EDITOR OF paranoiaisfact.com
Igor Yopsvoyomatsky
answers readers questions.

Dear Igor,

Ahmed, my IT consultant, tells me that Jewish settlers are sending herds of wild pigs into Muslim East Jerusalem to terrorize the population and drive them from their homes. Is this Paranoia or Fact?
Arthur Treifler
Jambonia, Ohio

Dear Mr. Treifler,

This is fact.

But first a little background. The pig is an unclean animal to both Hebrews and Muslims, and has thus been a potent psychological weapon in their millennial struggle for control of Jerusalem. As far back as 586 BC it was a tradition for every conqueror of Jerusalem to let pigs rut among the sacred scrolls and artifacts of Solomon’s Temple. In 170 BC when the Seleucid King Antiochus Epiphanes put down the revolt of the Maccabees, he slaughtered a wild boar on the altar of the temple and demanded that the Hebrew soldiers eat it. They refused to do so without duck sauce and he had their hands, feet and tongues chopped off; then he scalped them and burnt them alive. In 70 AD, Roman soldiers besieging the fort of Masada during The Second Jewish Revolt roasted pigs on the backs of their catapults in history’s first recorded tailgate party. Driven mad by the smell of forbidden barbecue the starving Zealots committed mass suicide.
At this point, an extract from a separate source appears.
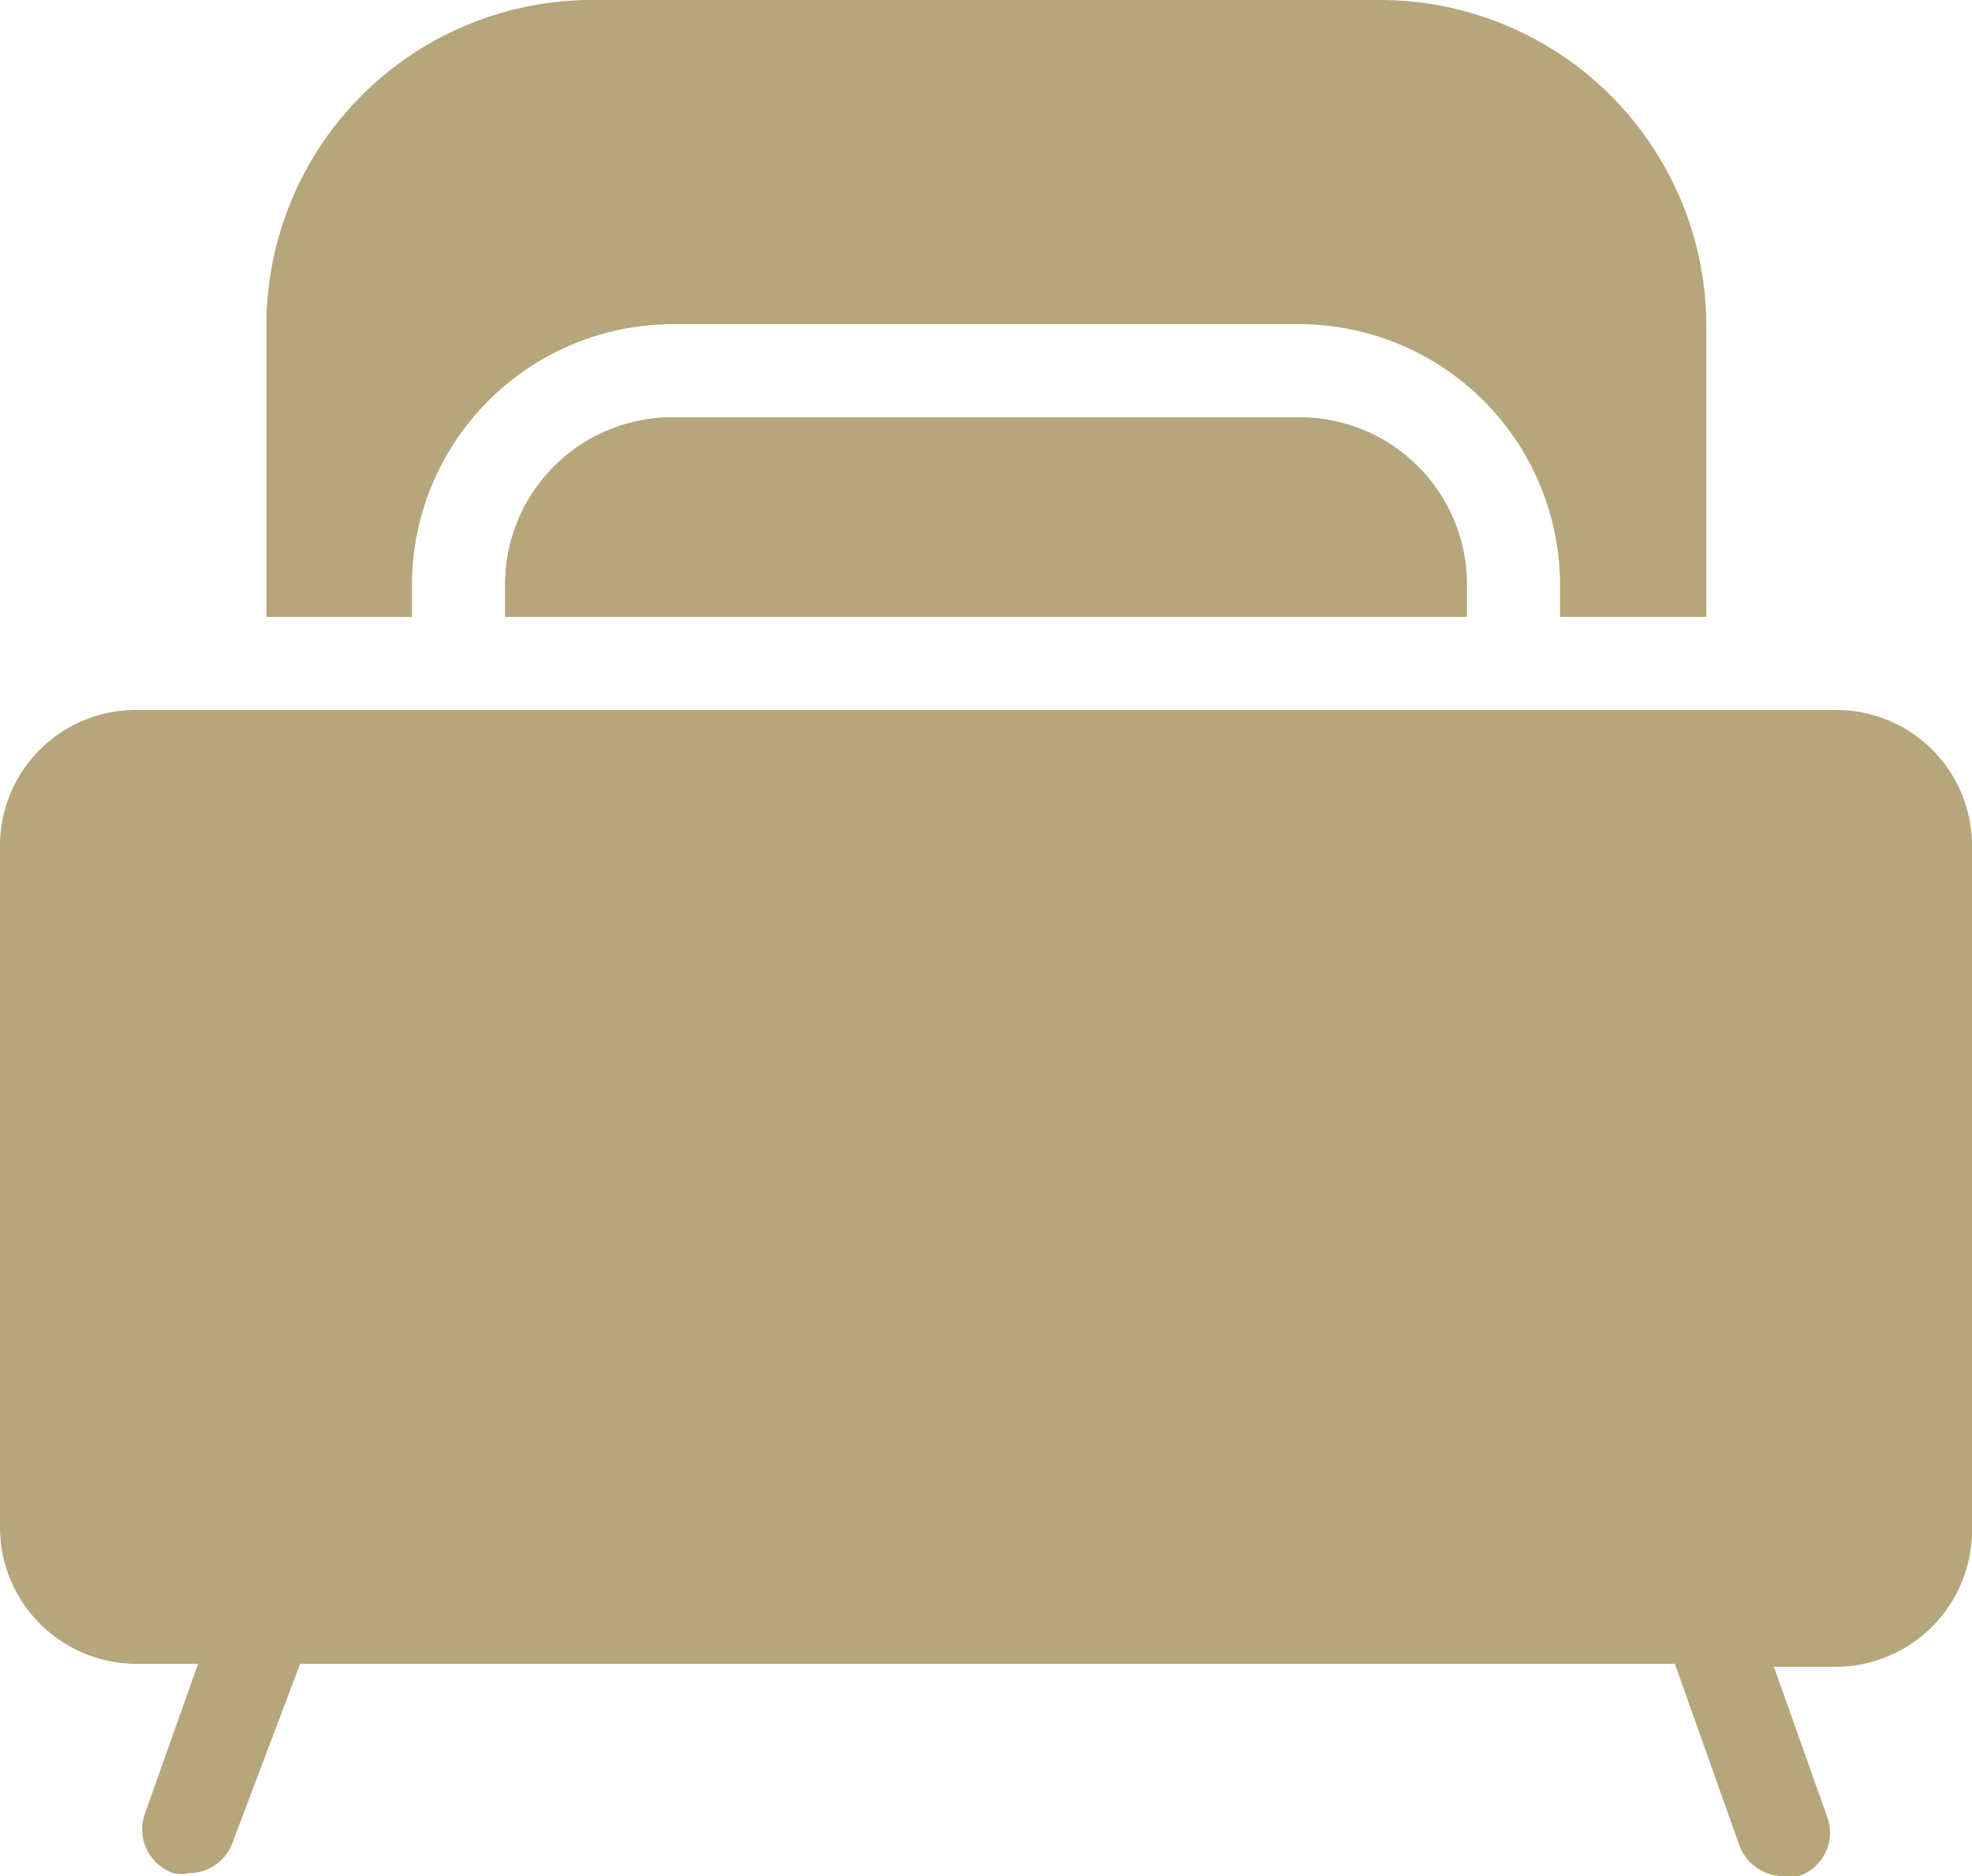 <svg viewBox="0 0 26.28 25" xmlns="http://www.w3.org/2000/svg"><g fill="#b6a67b"><path d="m17.32 5.56h-8.32a2.23 2.23 0 0 0 -2.27 2.24v.42h12.82v-.42a2.23 2.23 0 0 0 -2.23-2.24z"/><path d="m5.49 8.2v-.4a3.48 3.48 0 0 1 3.51-3.48h8.36a3.48 3.48 0 0 1 3.43 3.48v.42h1.95v-3.88a4.35 4.35 0 0 0 -4.34-4.34h-10.52a4.34 4.34 0 0 0 -4.33 4.34v3.88h1.94z"/><path d="m24.47 9.46h-22.66a1.81 1.81 0 0 0 -1.81 1.81v9.08a1.82 1.82 0 0 0 1.81 1.82h.83l-.71 2a.62.62 0 0 0 .38.79.52.52 0 0 0 .21 0 .62.62 0 0 0 .58-.41l.9-2.38h18.32l.86 2.42a.63.63 0 0 0 .59.41.51.51 0 0 0 .2 0 .61.61 0 0 0 .38-.79l-.71-2h.83a1.82 1.82 0 0 0 1.81-1.82v-9.12a1.81 1.81 0 0 0 -1.81-1.81z"/></g></svg>

Muslims, too, have been victimized by what is known by scholars as The Porcine Paradox. The Koran states that Shaidi (jihadi martyrs) will ascend to paradise as soon as they have completed their task. But no Muslim who has any contact with a pig will be allowed through the gates of heaven.

As the ultimate insult, Russian troops wrapped the bodies of the Chechen rebels slain in the 2004 Beslan hostage crisis in pig skins.

In 1911, American General John “Black Jack” Pershing was fighting a force of juramentados or Moro Muslim rebels in the Phillippines. Informed of their pig taboo, he buried their dead in mass graves next to the carcasses of slaughtered pigs. Then, he beheaded the Moro leaders and wrapped the severed heads in pig skins, which he displayed on pikes outside his headquarters. Fearing for their souls many of the juramentados withdrew from the battle. But they were speedily replaced by a force known as amucks who didn’t care what happened to them as long as they killed some Yanquis.

Pig references abound in contemporary Muslim journalism. In an instructional DVD that has just gone platinum in the Arab world Jews are referred to a “sons of pigs and monkeys.”

Jews are also forbidden to have any contact with pigs. But an obscure cult known as the Chazerim has received a Kabbalistic dispensation from Madonna and Posh Spice, and has begun sneaking pigs into East Jerusalem.

They arrive early in the morning with the pigs hidden in minivans. With their long black coats, sidelocks and high fur hats they blend in easily with the Arab population. At nightfall they open their tailgates and the pigs running squealing down the narrow, winding streets, desecrating everything they touch. The residents must perform complicated rituals to cleanse themselves and their possessions.

Because of the prohibition against contact with pigs the East Jerusalemites have been unable to retaliate in kind against the equally porcinophobic Jews. Instead, they have sent crazed bulldozer drivers and female suicide bombers into West Jerusalem to terrorize the population and drive them from their homes.